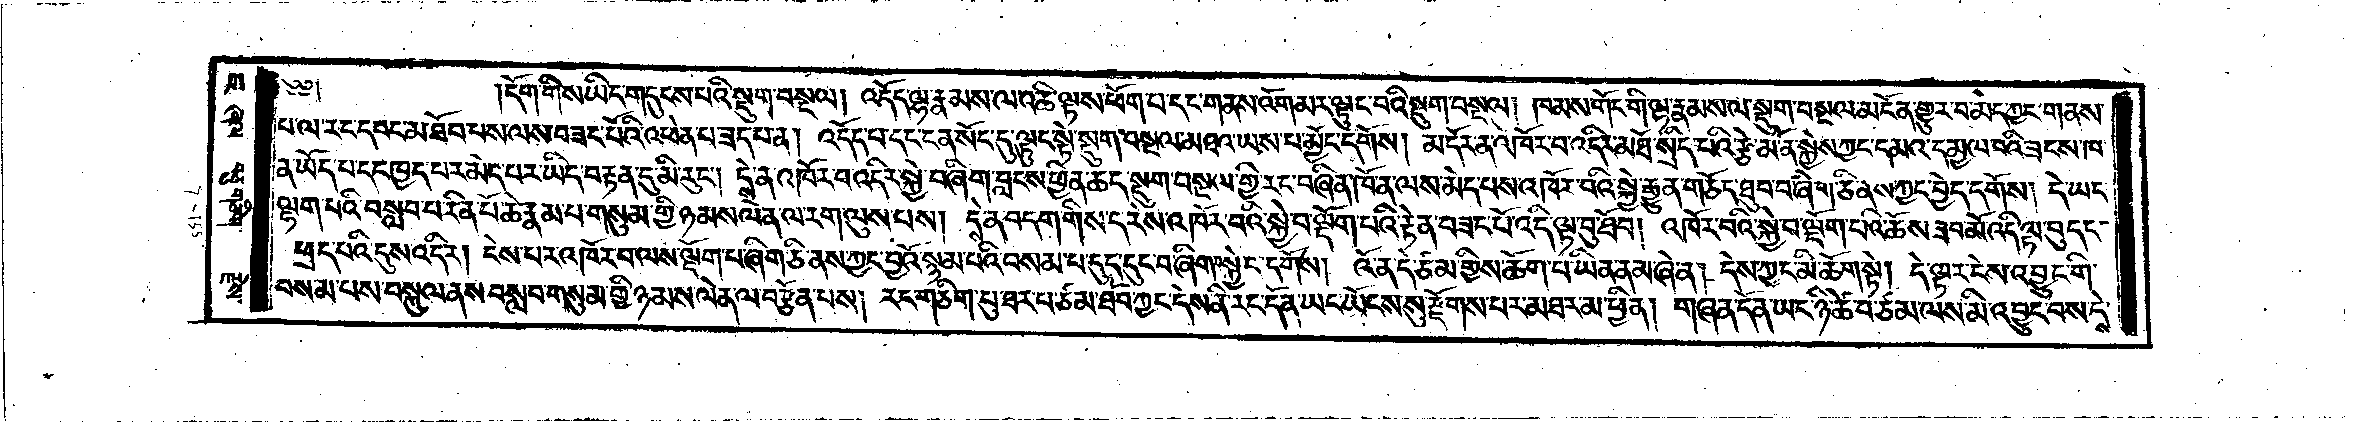༄༅། །དོག་གིས་ཡིད་གདུངས་པའི་སྡུག་བསྔལ། འདོད་ལྷ་རྣམས་ལ་འཆི་ལྟས་ཕོག་པ་དང་གནས་འོག་མར་ལྟུང་བའི་སྡུག་བསྔལ། ཁམས་གོང་གི་ལྷ་རྣམས་ལ་སྡུག་བསྔལ་མངོན་གྱུར་བ་མེད་ཀྱང་གནས་
པ་ལ་རང་དབང་མ་ཐོབ་པས་ལས་བཟང་པོའི་འཕེན་བཟད་པ་ན། འདོད་པ་དང་ངན་སོང་དུ་ལྟུང་སྟེ་སྡུག་བསྔལ་མཐའ་ཡས་པ་མྱོང་དགོས། མདོར་ན་འཁོར་བ་འདིར་མཐོ་སྲིད་པའི་རྩེ་མོ་ན་སྐྱེས་ཀྱང་དམའ་དམྱལ་བའི་ཟངས་ཁ་
ན་ཡོད་པ་དང་ཁྱད་པར་མེད་པར་ཡིད་བརྟན་དུ་མི་རུང་། དེས་ན་འཁོར་བ་འདིར་སྐྱེ་བ་ཞིག་བླངས་ཕྱིན་ཆད་སྡུག་བསྔལ་གྱི་རང་བཞིན་ཁོ་ན་ལས་མེད་པས་འཁོར་བའི་སྐྱེ་རྒྱུན་གཅོད་ཐུབ་བ་ཞིག་ཅི་ནས་ཀྱང་བྱེད་དགོས། དེ་ཡང་
ལྷག་པའི་བསླབ་པ་རིན་པོ་ཆེ་རྣམ་པ་གསུམ་གྱི་ཉམས་ལེན་ལ་རག་ལུས་པས། དེས་ན་བདག་གིས་ད་རེས་འཁོར་བའི་སྐྱེ་བ་ལྡོག་པའི་རྟེན་བཟང་པོ་འདི་ལྟ་བུ་ཐོབ། འཁོར་བའི་སྐྱེ་བ་ལྡོག་པའི་ཆོས་ཟབ་མོ་འདི་ལྟ་བུ་དང་
ཕྲད་པའི་དུས་འདིར། ངེས་པར་འཁོར་བ་ལས་ལྡོག་པ་ཞིག་ཅི་ནས་ཀྱང་བྱའོ་སྙམ་པའི་བསམ་པ་དུང་དུང་བ་ཞིག་བསྐྱེད་དགོས། འོ་ན་དེ་ཙམ་གྱིས་ཆོག་པ་ཡིན་ནམ་ཞེ་ན། དེས་ཀྱང་མི་ཆོག་སྟེ། དེ་ལྟར་ངེས་འབྱུང་གི་
བསམ་པས་བསྐུལ་ནས་བསླབ་གསུམ་གྱི་ཉམས་ལེན་ལ་བརྩོན་པས། རང་གཅིག་པུ་ཐར་པ་ཙམ་ཐོབ་ཀྱང་དེས་ནི་རང་དོན་ཡང་ཡོངས་སུ་རྫོགས་པར་མཐར་མ་ཕྱིན། གཞན་དོན་ཡང་ཉི་ཚེ་བ་ཙམ་ལས་མི་འབྱུང་བས་དེས་

● ● ● ● ●

Could the entries above be restated word for word, with the pictures left out?

RESPONSE AREA -
༄༅། །དོག་གིས་ཡིད་གདུངས་པའི་སྡུག་བསྔལ། འདོད་ལྷ་རྣམས་ལ་འཆི་ལྟས་ཕོག་པ་དང་གནས་འོག་མར་ལྟུང་བའི་སྡུག་བསྔལ། ཁམས་གོང་གི་ལྷ་རྣམས་ལ་སྡུག་བསྔལ་མངོན་གྱུར་བ་མེད་ཀྱང་གནས་
པ་ལ་རང་དབང་མ་ཐོབ་པས་ལས་བཟང་པོའི་འཕེན་བཟད་པ་ན། འདོད་པ་དང་ངན་སོང་དུ་ལྟུང་སྟེ་སྡུག་བསྔལ་མཐའ་ཡས་པ་མྱོང་དགོས། མདོར་ན་འཁོར་བ་འདིར་མཐོ་སྲིད་པའི་རྩེ་མོ་ན་སྐྱེས་ཀྱང་དམའ་དམྱལ་བའི་ཟངས་ཁ་
ན་ཡོད་པ་དང་ཁྱད་པར་མེད་པར་ཡིད་བརྟན་དུ་མི་རུང་། དེས་ན་འཁོར་བ་འདིར་སྐྱེ་བ་ཞིག་བླངས་ཕྱིན་ཆད་སྡུག་བསྔལ་གྱི་རང་བཞིན་ཁོ་ན་ལས་མེད་པས་འཁོར་བའི་སྐྱེ་རྒྱུན་གཅོད་ཐུབ་བ་ཞིག་ཅི་ནས་ཀྱང་བྱེད་དགོས། དེ་ཡང་
ལྷག་པའི་བསླབ་པ་རིན་པོ་ཆེ་རྣམ་པ་གསུམ་གྱི་ཉམས་ལེན་ལ་རག་ལུས་པས། དེས་ན་བདག་གིས་ད་རེས་འཁོར་བའི་སྐྱེ་བ་ལྡོག་པའི་རྟེན་བཟང་པོ་འདི་ལྟ་བུ་ཐོབ། འཁོར་བའི་སྐྱེ་བ་ལྡོག་པའི་ཆོས་ཟབ་མོ་འདི་ལྟ་བུ་དང་
ཕྲད་པའི་དུས་འདིར། ངེས་པར་འཁོར་བ་ལས་ལྡོག་པ་ཞིག་ཅི་ནས་ཀྱང་བྱའོ་སྙམ་པའི་བསམ་པ་དུང་དུང་བ་ཞིག་བསྐྱེད་དགོས། འོ་ན་དེ་ཙམ་གྱིས་ཆོག་པ་ཡིན་ནམ་ཞེ་ན། དེས་ཀྱང་མི་ཆོག་སྟེ། དེ་ལྟར་ངེས་འབྱུང་གི་
བསམ་པས་བསྐུལ་ནས་བསླབ་གསུམ་གྱི་ཉམས་ལེན་ལ་བརྩོན་པས། རང་གཅིག་པུ་ཐར་པ་ཙམ་ཐོབ་ཀྱང་དེས་ནི་རང་དོན་ཡང་ཡོངས་སུ་རྫོགས་པར་མཐར་མ་ཕྱིན། གཞན་དོན་ཡང་ཉི་ཚེ་བ་ཙམ་ལས་མི་འབྱུང་བས་དེས་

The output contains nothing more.